GOAL OF THE EXERCISE: The reply should contain all the data below, repeated exactly, and none of the images.

Dataset items:

* * *

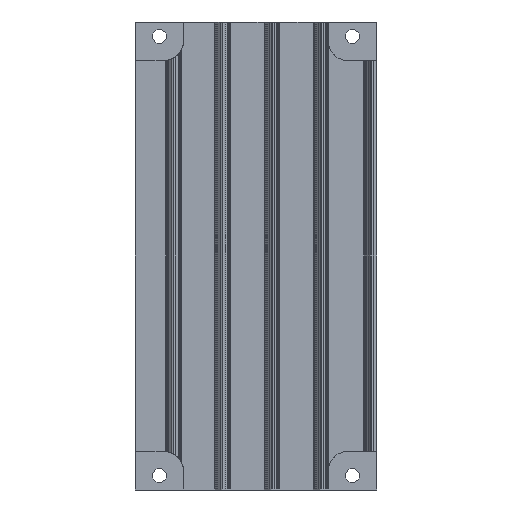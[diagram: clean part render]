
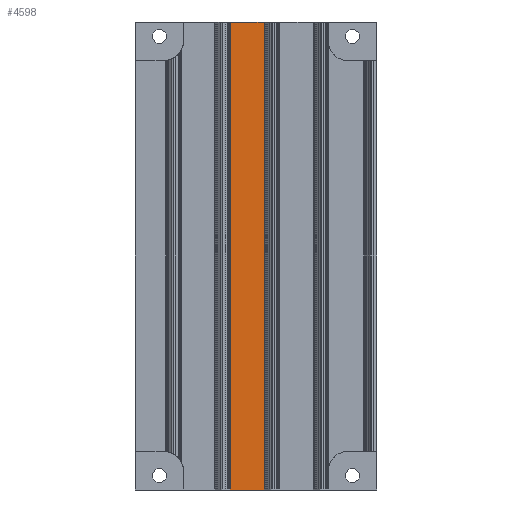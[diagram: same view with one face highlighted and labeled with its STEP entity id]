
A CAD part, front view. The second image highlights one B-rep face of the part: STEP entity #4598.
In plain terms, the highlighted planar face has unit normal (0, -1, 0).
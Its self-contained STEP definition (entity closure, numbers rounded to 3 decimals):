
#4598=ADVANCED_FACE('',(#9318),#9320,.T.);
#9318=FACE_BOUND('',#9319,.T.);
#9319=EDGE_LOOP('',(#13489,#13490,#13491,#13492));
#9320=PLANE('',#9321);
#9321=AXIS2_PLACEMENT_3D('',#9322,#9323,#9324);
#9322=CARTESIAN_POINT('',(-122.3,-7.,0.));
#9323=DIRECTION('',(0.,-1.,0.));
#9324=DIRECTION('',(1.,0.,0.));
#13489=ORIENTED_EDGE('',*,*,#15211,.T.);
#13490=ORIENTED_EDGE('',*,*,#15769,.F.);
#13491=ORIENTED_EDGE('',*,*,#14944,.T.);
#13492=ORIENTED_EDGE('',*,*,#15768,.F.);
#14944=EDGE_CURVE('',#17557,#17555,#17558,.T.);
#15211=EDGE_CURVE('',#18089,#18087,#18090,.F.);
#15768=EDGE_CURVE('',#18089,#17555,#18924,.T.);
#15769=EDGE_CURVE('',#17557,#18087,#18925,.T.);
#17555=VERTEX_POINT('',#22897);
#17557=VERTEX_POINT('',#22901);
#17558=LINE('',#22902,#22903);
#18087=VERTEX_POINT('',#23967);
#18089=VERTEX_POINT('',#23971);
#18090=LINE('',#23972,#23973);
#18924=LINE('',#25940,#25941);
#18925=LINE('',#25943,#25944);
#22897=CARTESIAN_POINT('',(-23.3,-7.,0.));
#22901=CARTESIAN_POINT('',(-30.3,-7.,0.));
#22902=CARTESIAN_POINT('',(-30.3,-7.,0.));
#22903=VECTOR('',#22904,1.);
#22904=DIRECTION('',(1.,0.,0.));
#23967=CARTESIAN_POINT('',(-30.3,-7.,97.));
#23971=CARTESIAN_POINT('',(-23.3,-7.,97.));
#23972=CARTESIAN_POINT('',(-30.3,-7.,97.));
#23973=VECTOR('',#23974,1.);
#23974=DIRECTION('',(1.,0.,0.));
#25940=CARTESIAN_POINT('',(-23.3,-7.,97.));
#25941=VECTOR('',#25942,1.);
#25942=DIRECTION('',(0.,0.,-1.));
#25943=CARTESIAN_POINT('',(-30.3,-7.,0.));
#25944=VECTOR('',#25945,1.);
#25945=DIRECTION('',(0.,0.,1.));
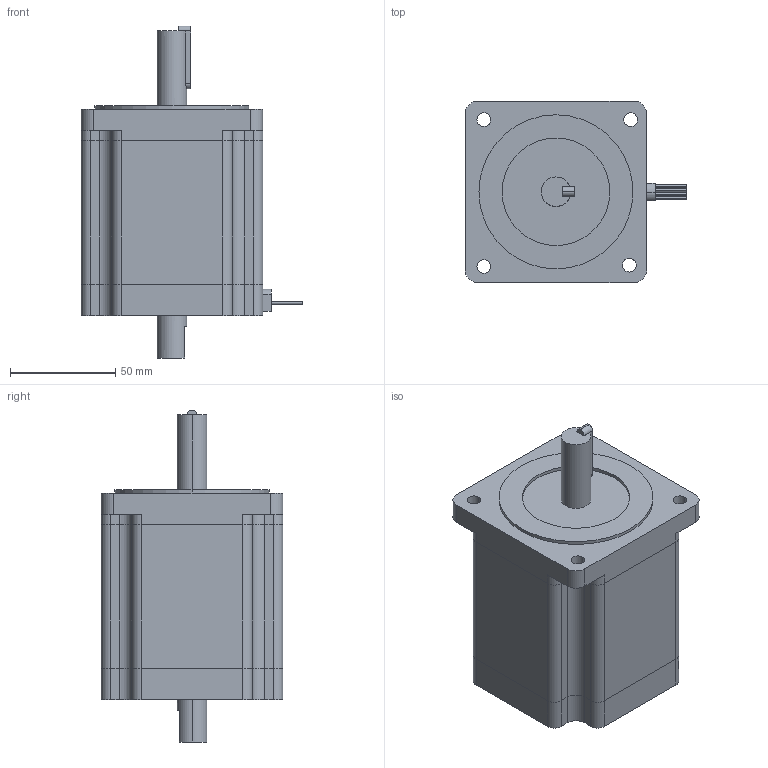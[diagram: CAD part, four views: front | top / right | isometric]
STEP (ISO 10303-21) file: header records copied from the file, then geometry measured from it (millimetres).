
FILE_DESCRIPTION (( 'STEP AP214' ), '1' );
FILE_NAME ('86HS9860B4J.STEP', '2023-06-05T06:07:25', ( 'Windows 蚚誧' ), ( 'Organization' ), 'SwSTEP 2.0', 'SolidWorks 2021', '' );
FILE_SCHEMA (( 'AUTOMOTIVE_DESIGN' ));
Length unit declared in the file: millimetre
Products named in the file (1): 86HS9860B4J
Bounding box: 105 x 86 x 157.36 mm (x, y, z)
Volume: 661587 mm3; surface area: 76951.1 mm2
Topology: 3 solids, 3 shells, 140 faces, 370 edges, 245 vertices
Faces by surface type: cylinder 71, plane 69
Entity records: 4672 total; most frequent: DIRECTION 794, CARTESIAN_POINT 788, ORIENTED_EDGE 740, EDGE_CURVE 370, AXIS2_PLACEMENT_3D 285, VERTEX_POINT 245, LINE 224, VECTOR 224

* * *

WRITTEN ANSWER:
[diagram: clean part render]
[diagram: same view with one face highlighted and labeled with its STEP entity id]
A CAD part, front view. The second image highlights one B-rep face of the part: STEP entity #4598.
In plain terms, the highlighted planar face has unit normal (0, -1, 0).
Its self-contained STEP definition (entity closure, numbers rounded to 3 decimals):
#4598=ADVANCED_FACE('',(#9318),#9320,.T.);
#9318=FACE_BOUND('',#9319,.T.);
#9319=EDGE_LOOP('',(#13489,#13490,#13491,#13492));
#9320=PLANE('',#9321);
#9321=AXIS2_PLACEMENT_3D('',#9322,#9323,#9324);
#9322=CARTESIAN_POINT('',(-122.3,-7.,0.));
#9323=DIRECTION('',(0.,-1.,0.));
#9324=DIRECTION('',(1.,0.,0.));
#13489=ORIENTED_EDGE('',*,*,#15211,.T.);
#13490=ORIENTED_EDGE('',*,*,#15769,.F.);
#13491=ORIENTED_EDGE('',*,*,#14944,.T.);
#13492=ORIENTED_EDGE('',*,*,#15768,.F.);
#14944=EDGE_CURVE('',#17557,#17555,#17558,.T.);
#15211=EDGE_CURVE('',#18089,#18087,#18090,.F.);
#15768=EDGE_CURVE('',#18089,#17555,#18924,.T.);
#15769=EDGE_CURVE('',#17557,#18087,#18925,.T.);
#17555=VERTEX_POINT('',#22897);
#17557=VERTEX_POINT('',#22901);
#17558=LINE('',#22902,#22903);
#18087=VERTEX_POINT('',#23967);
#18089=VERTEX_POINT('',#23971);
#18090=LINE('',#23972,#23973);
#18924=LINE('',#25940,#25941);
#18925=LINE('',#25943,#25944);
#22897=CARTESIAN_POINT('',(-23.3,-7.,0.));
#22901=CARTESIAN_POINT('',(-30.3,-7.,0.));
#22902=CARTESIAN_POINT('',(-30.3,-7.,0.));
#22903=VECTOR('',#22904,1.);
#22904=DIRECTION('',(1.,0.,0.));
#23967=CARTESIAN_POINT('',(-30.3,-7.,97.));
#23971=CARTESIAN_POINT('',(-23.3,-7.,97.));
#23972=CARTESIAN_POINT('',(-30.3,-7.,97.));
#23973=VECTOR('',#23974,1.);
#23974=DIRECTION('',(1.,0.,0.));
#25940=CARTESIAN_POINT('',(-23.3,-7.,97.));
#25941=VECTOR('',#25942,1.);
#25942=DIRECTION('',(0.,0.,-1.));
#25943=CARTESIAN_POINT('',(-30.3,-7.,0.));
#25944=VECTOR('',#25945,1.);
#25945=DIRECTION('',(0.,0.,1.));
[diagram: CAD part, four views: front | top / right | isometric]
STEP (ISO 10303-21) file: header records copied from the file, then geometry measured from it (millimetres).
FILE_DESCRIPTION (( 'STEP AP214' ), '1' );
FILE_NAME ('86HS9860B4J.STEP', '2023-06-05T06:07:25', ( 'Windows 蚚誧' ), ( 'Organization' ), 'SwSTEP 2.0', 'SolidWorks 2021', '' );
FILE_SCHEMA (( 'AUTOMOTIVE_DESIGN' ));
Length unit declared in the file: millimetre
Products named in the file (1): 86HS9860B4J
Bounding box: 105 x 86 x 157.36 mm (x, y, z)
Volume: 661587 mm3; surface area: 76951.1 mm2
Topology: 3 solids, 3 shells, 140 faces, 370 edges, 245 vertices
Faces by surface type: cylinder 71, plane 69
Entity records: 4672 total; most frequent: DIRECTION 794, CARTESIAN_POINT 788, ORIENTED_EDGE 740, EDGE_CURVE 370, AXIS2_PLACEMENT_3D 285, VERTEX_POINT 245, LINE 224, VECTOR 224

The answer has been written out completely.